Exercise directions ::
Every record must be restated exactly. Drop the images.
---- The data
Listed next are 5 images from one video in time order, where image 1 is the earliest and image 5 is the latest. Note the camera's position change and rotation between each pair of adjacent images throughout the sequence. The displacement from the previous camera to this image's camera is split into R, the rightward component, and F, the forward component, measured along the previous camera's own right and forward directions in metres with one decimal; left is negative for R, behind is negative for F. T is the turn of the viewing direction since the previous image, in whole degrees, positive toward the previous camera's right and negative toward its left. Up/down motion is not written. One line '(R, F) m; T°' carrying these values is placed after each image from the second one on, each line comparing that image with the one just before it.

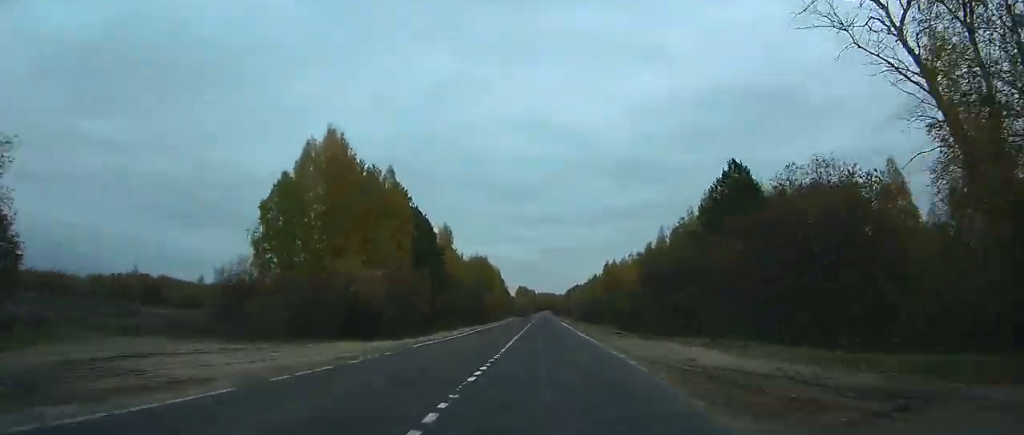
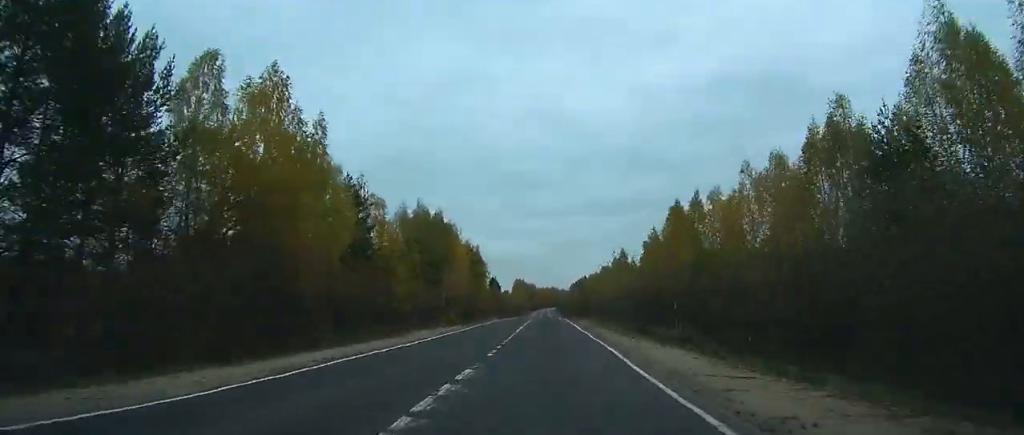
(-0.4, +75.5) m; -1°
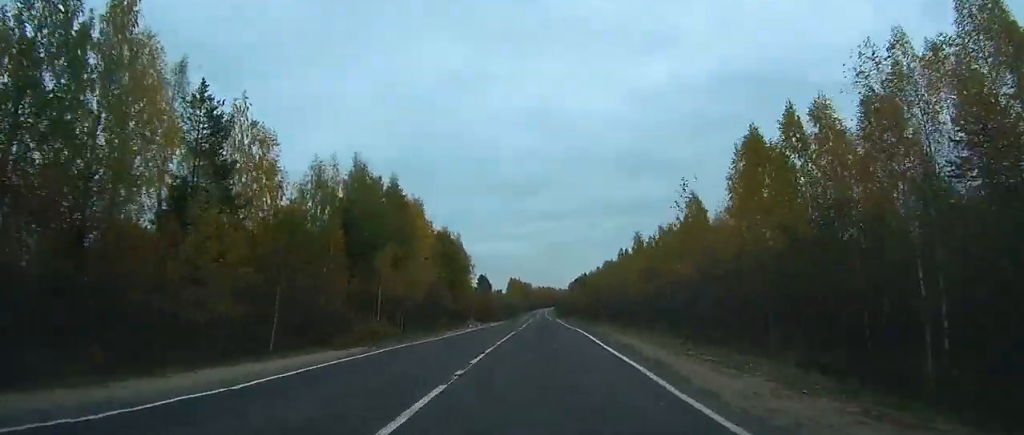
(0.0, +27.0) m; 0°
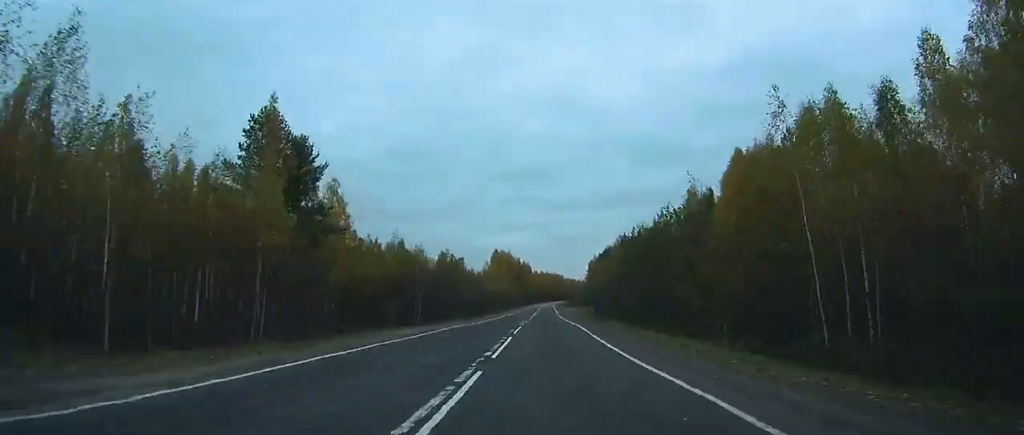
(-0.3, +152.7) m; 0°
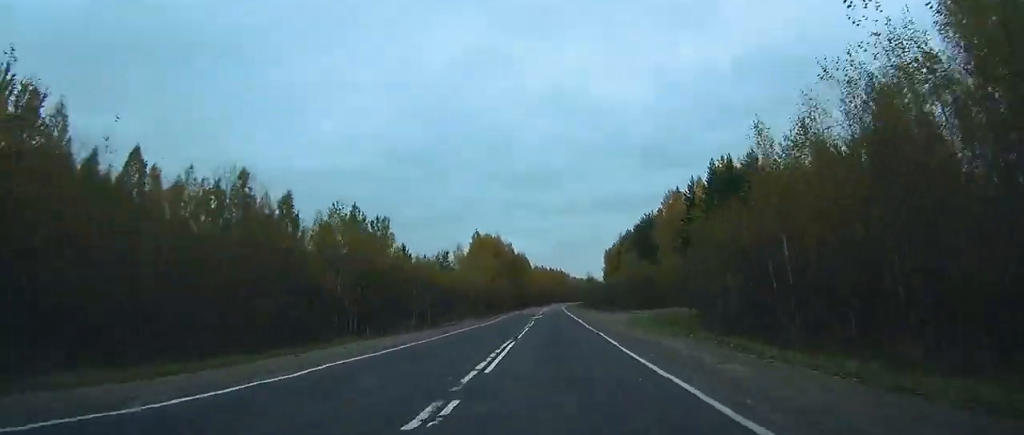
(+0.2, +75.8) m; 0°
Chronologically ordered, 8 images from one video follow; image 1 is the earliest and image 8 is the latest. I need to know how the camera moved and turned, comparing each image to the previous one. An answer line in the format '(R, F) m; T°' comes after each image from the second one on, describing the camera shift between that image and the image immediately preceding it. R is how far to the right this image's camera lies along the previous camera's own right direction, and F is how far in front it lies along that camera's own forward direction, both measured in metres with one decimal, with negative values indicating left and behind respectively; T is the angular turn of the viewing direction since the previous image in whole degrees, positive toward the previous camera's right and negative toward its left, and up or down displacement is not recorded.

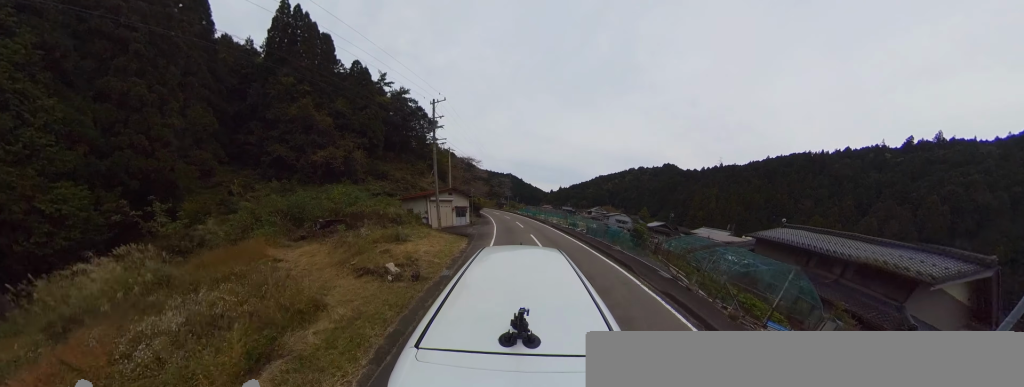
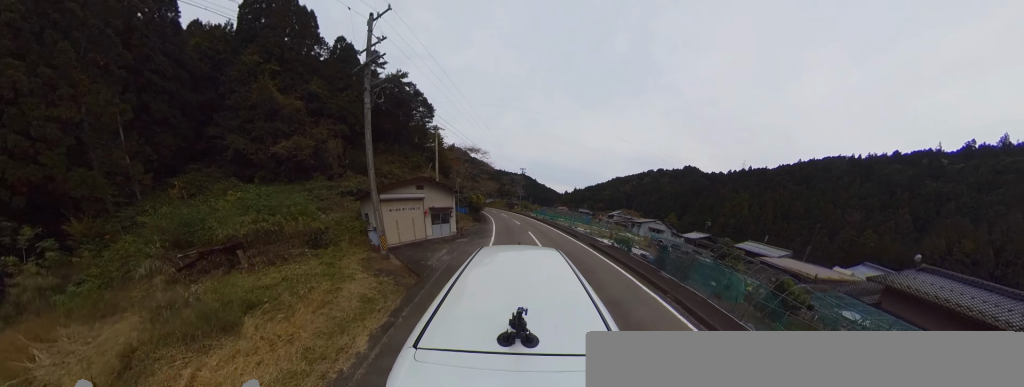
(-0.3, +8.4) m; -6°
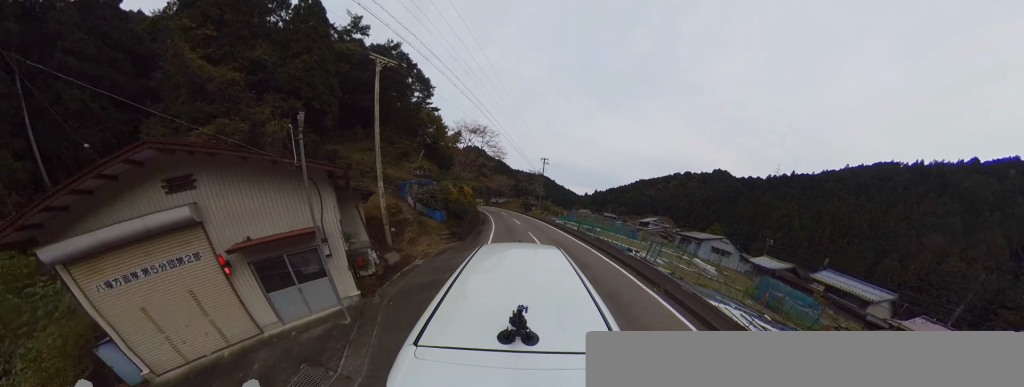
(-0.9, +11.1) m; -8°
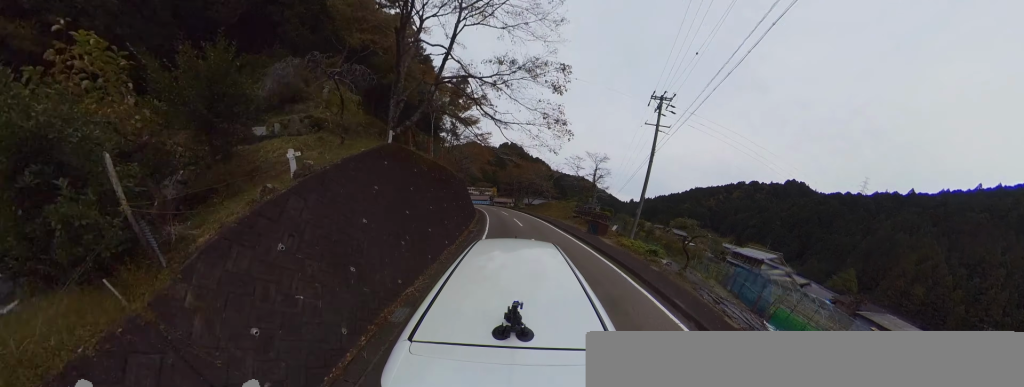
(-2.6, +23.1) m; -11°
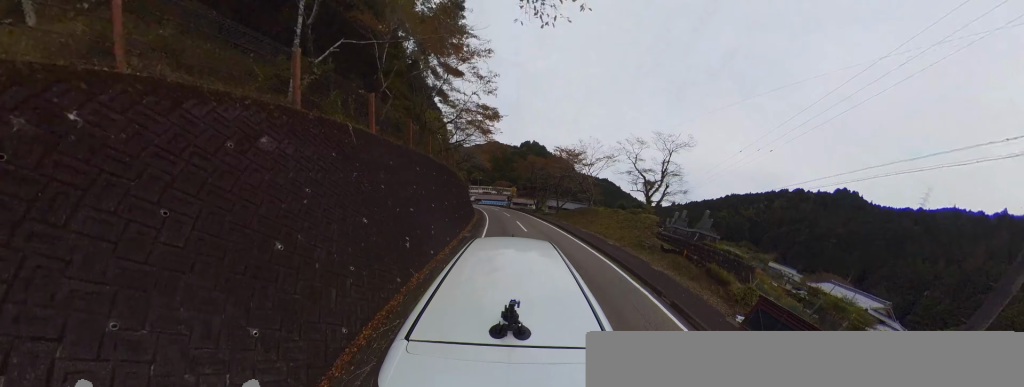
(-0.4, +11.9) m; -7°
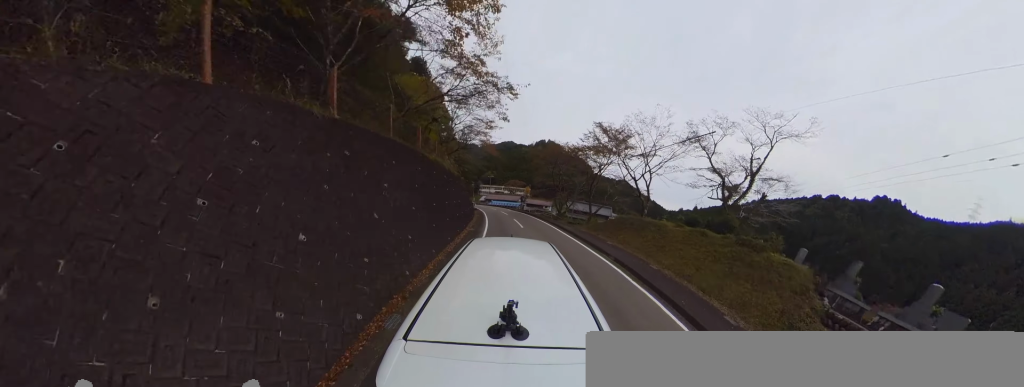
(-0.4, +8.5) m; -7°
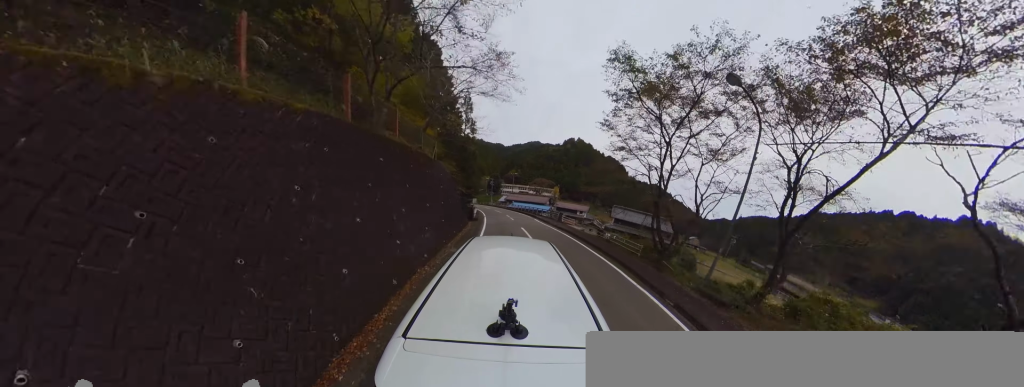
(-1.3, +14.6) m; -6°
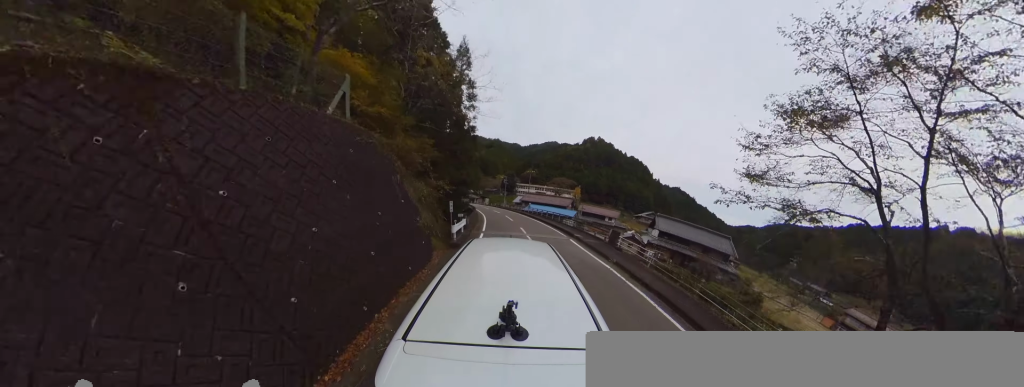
--------
Exercise solution ::
Listed next are 5 images from one video in time order, where image 1 is the earliest and image 5 is the latest. Note the camera's position change and rotation between each pair of adjacent images throughout the sequence. The displacement from the previous camera to this image's camera is split into R, the rightward component, and F, the forward component, measured along the previous camera's own right and forward directions in metres with one decimal; left is negative for R, behind is negative for F. T is the turn of the viewing direction since the previous image, in whole degrees, positive toward the previous camera's right and negative toward its left. Up/down motion is not written. One line '(R, F) m; T°' carrying these values is placed after each image from the second one on, each line comparing that image with the one just before it.

(-0.4, +75.5) m; -1°
(0.0, +27.0) m; 0°
(-0.3, +152.7) m; 0°
(+0.2, +75.8) m; 0°
Chronologically ordered, 8 images from one video follow; image 1 is the earliest and image 8 is the latest. I need to know how the camera moved and turned, comparing each image to the previous one. An answer line in the format '(R, F) m; T°' comes after each image from the second one on, describing the camera shift between that image and the image immediately preceding it. R is how far to the right this image's camera lies along the previous camera's own right direction, and F is how far in front it lies along that camera's own forward direction, both measured in metres with one decimal, with negative values indicating left and behind respectively; T is the angular turn of the viewing direction since the previous image in whole degrees, positive toward the previous camera's right and negative toward its left, and up or down displacement is not recorded.

(-0.3, +8.4) m; -6°
(-0.9, +11.1) m; -8°
(-2.6, +23.1) m; -11°
(-0.4, +11.9) m; -7°
(-0.4, +8.5) m; -7°
(-1.3, +14.6) m; -6°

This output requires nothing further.